Книга «Достоевский-экономист»: итальянский славист сэкономил на чтении предшественников

В книге «Достоевский-экономист» Гуидо Карпи настолько увлекся влиянием экономики на Достоевского, что забыл заглянуть в работы предшественников

Магазин «Фаланстер», всегда подчеркивающий левизну своих взглядов, на этот раз издал сборник идейно близкого профессора Пизанского университета Гуидо Карпи «Достоевский-экономист», в котором демонстрируются возможности марксистского подхода к художественному тексту и мировоззрению автора.

Первая часть книги посвящена обзору экономического развития России 1840–1860-х годов. Особенно подробно Карпи останавливается на кризисе конца 1850-х. Рост инфляции и безденежья, разорение одних и случайное обогащение других, фетишизация денег – все это, по мнению Карпи, не могло не повлиять на Достоевского. Хотя о самом Федоре Михайловиче Карпи поначалу регулярно забывает. Зато тщательно анализирует роман его старшего брата, Михаила Достоевского, с характерным названием «Деньги» – сущий подарок для марксиста: поступки и отношения всех его персонажей пропитаны «экономическим детерминизмом». Причем до такой степени, что в конце концов поведение героев «утрачивает последовательность и достоверность». Иначе говоря, роман получался до того дурным и тенденциозным, что Михаил Михайлович бросил его, не окончив.

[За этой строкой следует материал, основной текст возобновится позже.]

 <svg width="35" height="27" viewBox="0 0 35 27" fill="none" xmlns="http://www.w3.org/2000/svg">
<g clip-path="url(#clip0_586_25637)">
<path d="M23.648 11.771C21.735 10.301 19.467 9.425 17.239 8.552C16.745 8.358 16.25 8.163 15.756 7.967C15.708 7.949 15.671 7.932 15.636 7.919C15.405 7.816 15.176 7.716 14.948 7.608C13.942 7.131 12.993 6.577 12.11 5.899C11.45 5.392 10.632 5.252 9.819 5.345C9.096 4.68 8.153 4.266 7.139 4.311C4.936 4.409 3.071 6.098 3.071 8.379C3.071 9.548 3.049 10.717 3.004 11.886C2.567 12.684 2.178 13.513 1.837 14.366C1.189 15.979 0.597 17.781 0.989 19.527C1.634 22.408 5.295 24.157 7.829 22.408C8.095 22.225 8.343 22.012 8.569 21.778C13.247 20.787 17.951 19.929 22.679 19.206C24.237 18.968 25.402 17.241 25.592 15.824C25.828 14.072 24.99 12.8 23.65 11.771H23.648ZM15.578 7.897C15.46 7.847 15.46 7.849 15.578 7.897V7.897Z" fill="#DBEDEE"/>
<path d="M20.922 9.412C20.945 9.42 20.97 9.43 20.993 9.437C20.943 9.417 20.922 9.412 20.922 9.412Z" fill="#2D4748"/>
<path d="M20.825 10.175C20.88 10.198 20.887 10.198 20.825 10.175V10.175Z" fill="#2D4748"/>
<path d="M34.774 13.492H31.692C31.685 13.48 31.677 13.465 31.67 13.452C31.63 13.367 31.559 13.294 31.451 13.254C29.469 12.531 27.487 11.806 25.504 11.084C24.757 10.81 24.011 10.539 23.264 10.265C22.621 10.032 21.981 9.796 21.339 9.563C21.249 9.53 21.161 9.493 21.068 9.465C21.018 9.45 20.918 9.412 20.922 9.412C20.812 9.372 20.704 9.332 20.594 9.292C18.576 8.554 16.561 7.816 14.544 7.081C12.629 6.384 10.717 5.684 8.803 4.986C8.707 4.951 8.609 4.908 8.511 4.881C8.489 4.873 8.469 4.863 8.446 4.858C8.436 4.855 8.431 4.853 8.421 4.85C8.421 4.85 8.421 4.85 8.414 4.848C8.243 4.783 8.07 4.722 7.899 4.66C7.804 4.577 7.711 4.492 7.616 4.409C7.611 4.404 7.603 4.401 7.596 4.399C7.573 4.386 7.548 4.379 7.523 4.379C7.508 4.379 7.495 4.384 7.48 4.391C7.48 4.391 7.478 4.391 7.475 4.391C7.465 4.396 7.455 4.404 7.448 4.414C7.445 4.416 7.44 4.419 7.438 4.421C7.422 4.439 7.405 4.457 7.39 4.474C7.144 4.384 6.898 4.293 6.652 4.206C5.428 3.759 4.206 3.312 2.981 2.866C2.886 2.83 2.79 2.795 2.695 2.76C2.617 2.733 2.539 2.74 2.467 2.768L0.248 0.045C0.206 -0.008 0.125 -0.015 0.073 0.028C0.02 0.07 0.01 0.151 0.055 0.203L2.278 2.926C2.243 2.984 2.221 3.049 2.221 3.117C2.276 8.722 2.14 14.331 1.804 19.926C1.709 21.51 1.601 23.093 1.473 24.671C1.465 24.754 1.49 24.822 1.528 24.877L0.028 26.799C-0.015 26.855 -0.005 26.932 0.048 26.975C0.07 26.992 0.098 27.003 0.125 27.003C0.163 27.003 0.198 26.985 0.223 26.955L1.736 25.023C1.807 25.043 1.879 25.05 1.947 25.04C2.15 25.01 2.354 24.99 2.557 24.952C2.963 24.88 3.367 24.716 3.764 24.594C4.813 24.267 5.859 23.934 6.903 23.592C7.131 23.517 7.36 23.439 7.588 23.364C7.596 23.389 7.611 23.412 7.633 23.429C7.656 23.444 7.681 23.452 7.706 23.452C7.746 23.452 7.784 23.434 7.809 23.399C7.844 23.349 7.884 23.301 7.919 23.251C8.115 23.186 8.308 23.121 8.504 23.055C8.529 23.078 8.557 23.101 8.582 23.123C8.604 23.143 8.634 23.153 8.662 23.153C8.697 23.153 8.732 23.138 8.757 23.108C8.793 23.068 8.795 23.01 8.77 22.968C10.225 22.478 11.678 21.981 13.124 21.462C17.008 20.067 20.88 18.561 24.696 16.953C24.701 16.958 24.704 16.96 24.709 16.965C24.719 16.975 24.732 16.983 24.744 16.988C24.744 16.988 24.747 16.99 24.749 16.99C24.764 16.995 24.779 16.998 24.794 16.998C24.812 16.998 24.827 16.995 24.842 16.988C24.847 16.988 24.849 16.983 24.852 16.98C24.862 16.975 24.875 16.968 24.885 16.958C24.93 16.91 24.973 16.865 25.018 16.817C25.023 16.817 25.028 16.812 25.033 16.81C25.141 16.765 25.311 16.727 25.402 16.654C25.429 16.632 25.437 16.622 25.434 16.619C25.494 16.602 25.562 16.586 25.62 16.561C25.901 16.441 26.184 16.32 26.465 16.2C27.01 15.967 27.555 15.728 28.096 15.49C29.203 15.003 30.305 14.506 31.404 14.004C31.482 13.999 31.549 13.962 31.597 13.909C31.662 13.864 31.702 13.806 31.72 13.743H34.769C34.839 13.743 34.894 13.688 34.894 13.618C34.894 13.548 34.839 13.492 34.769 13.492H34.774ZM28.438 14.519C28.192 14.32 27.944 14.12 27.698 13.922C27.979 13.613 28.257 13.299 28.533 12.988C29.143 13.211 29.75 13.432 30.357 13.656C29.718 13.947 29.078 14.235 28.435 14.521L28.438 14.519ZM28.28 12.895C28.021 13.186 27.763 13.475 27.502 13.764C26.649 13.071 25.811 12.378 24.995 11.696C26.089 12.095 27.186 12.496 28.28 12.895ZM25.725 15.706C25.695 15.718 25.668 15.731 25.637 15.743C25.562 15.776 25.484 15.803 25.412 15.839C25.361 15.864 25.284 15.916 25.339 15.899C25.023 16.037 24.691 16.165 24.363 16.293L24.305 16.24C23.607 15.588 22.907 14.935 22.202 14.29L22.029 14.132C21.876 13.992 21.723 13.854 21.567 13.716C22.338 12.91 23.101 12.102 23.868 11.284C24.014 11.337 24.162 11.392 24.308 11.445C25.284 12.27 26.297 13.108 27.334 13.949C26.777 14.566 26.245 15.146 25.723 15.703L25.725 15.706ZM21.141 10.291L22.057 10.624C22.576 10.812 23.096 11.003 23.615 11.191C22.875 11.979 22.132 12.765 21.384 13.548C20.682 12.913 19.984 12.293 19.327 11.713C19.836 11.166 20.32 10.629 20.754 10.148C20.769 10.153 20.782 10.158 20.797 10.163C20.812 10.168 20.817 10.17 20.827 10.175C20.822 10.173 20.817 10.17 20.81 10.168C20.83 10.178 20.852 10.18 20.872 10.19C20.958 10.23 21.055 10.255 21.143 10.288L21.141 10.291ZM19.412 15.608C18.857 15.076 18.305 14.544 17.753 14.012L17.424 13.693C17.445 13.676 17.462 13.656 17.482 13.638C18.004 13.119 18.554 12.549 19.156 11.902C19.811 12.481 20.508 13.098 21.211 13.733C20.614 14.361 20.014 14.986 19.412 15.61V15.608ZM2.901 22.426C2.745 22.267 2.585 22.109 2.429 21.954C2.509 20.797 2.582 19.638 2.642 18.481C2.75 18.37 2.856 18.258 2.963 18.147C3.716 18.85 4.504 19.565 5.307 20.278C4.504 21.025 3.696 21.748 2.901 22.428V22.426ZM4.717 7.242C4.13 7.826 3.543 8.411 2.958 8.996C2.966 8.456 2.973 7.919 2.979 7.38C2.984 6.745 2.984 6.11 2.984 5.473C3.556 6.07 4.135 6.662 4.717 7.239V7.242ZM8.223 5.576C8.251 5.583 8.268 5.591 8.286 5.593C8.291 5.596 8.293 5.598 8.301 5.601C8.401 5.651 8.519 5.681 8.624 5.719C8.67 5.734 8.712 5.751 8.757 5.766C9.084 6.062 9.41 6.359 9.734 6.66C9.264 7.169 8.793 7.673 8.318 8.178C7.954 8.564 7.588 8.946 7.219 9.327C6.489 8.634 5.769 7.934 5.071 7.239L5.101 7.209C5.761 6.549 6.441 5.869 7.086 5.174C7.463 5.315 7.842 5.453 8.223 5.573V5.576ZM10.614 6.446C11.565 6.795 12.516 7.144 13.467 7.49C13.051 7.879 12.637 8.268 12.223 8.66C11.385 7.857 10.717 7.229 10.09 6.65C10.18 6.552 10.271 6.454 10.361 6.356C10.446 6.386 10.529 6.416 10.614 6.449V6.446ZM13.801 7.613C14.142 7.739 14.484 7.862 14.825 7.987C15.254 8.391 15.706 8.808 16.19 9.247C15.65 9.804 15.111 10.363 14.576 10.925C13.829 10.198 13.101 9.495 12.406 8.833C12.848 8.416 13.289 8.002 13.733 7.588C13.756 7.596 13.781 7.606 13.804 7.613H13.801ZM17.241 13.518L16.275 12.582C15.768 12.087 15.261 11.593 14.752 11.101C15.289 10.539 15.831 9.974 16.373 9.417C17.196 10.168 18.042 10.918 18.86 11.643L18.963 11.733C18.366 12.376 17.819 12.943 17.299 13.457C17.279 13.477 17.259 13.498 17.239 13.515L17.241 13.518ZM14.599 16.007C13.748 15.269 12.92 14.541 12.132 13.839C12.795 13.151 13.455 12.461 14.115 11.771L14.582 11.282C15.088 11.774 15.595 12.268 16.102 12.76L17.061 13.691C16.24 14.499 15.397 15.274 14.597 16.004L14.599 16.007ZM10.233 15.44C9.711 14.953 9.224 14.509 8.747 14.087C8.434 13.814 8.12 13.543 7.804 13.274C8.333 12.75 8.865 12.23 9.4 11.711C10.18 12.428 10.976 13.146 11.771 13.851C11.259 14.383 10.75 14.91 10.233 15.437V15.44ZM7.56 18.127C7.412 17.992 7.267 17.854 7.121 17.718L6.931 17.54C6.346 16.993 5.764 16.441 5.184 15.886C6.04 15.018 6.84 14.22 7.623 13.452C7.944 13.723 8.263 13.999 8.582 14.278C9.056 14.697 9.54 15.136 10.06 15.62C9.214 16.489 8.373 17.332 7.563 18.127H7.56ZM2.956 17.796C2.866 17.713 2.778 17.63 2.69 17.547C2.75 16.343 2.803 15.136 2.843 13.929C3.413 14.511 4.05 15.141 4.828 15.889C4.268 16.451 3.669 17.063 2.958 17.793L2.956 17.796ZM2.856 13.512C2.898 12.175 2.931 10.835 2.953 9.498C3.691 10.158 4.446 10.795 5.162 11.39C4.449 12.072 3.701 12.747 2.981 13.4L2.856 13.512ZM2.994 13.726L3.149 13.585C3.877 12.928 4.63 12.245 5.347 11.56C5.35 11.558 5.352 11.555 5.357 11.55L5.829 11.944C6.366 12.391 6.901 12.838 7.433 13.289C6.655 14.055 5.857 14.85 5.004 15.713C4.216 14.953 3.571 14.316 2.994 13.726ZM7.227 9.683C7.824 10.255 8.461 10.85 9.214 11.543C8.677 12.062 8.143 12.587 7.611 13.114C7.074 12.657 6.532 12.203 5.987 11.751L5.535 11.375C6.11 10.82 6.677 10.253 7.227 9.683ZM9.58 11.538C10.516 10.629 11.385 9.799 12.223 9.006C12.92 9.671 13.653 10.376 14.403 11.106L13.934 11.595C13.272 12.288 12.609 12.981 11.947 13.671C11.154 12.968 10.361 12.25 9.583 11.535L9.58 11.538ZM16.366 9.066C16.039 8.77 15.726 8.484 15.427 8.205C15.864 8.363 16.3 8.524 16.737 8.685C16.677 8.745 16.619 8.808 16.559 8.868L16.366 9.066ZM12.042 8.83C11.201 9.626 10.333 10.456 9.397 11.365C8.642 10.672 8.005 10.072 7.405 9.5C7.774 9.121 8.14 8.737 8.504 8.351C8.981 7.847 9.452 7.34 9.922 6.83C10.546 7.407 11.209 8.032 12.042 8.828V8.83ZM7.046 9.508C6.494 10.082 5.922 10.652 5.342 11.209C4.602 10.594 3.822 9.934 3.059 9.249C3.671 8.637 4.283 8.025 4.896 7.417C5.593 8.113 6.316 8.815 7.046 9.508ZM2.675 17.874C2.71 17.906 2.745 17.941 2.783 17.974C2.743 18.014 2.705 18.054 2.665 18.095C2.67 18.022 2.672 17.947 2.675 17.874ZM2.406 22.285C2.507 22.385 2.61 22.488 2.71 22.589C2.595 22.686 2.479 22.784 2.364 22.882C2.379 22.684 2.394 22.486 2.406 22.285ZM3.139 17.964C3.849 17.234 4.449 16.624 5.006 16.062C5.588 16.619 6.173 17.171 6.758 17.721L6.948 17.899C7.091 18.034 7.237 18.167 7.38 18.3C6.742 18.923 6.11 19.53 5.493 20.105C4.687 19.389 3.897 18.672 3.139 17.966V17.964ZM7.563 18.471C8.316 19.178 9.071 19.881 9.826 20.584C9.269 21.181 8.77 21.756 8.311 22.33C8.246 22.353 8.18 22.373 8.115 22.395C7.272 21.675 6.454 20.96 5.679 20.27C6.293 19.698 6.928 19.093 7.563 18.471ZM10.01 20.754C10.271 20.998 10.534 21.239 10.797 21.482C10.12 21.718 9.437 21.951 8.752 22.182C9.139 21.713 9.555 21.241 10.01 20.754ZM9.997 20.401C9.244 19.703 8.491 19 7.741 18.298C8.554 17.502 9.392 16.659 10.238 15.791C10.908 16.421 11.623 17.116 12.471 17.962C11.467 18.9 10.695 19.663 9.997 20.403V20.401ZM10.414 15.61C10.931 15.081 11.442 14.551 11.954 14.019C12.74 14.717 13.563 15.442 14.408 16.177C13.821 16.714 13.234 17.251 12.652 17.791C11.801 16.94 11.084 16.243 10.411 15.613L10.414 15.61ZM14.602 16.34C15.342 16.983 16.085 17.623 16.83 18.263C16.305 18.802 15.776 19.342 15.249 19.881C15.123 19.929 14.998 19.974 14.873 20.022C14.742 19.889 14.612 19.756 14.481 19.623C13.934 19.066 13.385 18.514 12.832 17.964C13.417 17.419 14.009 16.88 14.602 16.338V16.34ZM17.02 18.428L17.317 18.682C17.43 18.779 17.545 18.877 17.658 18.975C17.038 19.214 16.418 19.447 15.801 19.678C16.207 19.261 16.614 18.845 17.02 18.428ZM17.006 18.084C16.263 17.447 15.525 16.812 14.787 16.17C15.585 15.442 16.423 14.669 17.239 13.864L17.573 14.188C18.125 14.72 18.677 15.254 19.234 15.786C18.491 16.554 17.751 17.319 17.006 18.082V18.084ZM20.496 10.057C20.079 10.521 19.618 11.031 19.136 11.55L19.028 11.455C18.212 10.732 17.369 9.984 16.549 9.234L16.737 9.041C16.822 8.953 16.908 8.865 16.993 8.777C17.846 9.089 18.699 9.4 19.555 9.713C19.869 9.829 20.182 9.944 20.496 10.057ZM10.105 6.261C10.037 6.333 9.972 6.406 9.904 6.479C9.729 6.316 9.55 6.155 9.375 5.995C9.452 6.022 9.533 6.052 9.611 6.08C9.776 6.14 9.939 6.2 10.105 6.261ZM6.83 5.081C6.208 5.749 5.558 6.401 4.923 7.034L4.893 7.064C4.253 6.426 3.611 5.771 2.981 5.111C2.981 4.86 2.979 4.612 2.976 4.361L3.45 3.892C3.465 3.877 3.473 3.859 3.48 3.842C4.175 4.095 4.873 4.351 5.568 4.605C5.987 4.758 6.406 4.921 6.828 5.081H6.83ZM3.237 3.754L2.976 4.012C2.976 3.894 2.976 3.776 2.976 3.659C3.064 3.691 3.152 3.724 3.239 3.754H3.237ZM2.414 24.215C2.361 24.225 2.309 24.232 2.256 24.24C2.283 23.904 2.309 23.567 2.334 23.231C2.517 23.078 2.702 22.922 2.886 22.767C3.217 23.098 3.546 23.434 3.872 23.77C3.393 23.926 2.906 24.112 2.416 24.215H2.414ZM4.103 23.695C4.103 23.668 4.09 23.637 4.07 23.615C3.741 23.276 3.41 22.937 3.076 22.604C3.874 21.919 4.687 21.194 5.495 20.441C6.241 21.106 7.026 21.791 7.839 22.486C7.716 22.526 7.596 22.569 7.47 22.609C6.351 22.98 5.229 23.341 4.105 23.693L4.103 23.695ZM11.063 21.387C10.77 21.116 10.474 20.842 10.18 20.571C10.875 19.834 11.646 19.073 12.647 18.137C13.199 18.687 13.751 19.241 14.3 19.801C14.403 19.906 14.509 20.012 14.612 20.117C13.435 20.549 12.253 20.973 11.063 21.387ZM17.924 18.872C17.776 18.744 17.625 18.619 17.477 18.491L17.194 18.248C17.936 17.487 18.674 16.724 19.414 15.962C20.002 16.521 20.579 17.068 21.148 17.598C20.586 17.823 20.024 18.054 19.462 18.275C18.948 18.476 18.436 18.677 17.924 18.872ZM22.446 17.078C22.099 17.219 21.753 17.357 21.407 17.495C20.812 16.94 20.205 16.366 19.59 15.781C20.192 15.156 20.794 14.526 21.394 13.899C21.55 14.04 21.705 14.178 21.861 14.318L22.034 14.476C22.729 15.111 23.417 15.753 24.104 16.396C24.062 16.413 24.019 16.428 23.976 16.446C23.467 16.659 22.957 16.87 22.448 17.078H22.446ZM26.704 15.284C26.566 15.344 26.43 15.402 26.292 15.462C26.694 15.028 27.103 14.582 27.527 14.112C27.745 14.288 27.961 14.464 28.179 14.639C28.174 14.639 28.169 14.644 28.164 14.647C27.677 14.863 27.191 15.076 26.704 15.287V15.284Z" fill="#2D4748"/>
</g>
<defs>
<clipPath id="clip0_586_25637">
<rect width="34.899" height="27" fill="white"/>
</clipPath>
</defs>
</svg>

О Федоре Достоевском Карпи вспоминает во второй части, в которой и сообщает читателю немало интересного. Оказывается, в «Братьях Карамазовых» «отношение к деньгам становится источником целой серии роковых намеков, предопределяющих судьбу главных героев». Попутно обнаруживается, что маниакальная мысль об обогащении пронизывает помыслы и множества других героев Достоевского, но вместе с тем их любовь к деньгам часто оказывается платонической. Ново это звучит разве что для итальянских студентов, российские школьники узнают об этом при обсуждении образа Раскольникова и подлинных мотивов убийства. Не говоря уже о том, что про роль денег у Достоевского вообще писали много и на всех языках. И не только Адорно и Беньямин, на которых упрямо ссылается Карпи, – а такое количество исследователей (от Рудольфа Нейхейзера до Иоганна Хериша и Юлии Шталь), что начинаешь думать о неупоминании работ предшественников как о сознательном, хотя и таинственном по цели приеме.

Иначе как объяснить, что не упомянута и другая посвященная Достоевскому книга – «вульгарного социолога» Валерьяна Переверзева, принципам которого Карпи и пытается следовать? И как интерпретировать полное отсутствие ссылок на «новую экономическую критику», давно и плодотворно занимающуюся как раз влиянием экономики на эстетику и мировоззрение автора?

И все же выход книги Гуидо Карпи на русском языке – явление скорее отрадное. И не только потому, что те статьи сборника, которые не связаны с экономикой, более качественны, но и потому, что для отечественного литературоведения изучение связей экономики и литературы по-прежнему экзотика. И если задача «Фаланстера» состояла в том, чтобы вбросить в российский литературоведческий обиход экономическую тему и таким образом расширить сознание наших исследователей, публикация Карпи выглядит, в общем, осмысленной.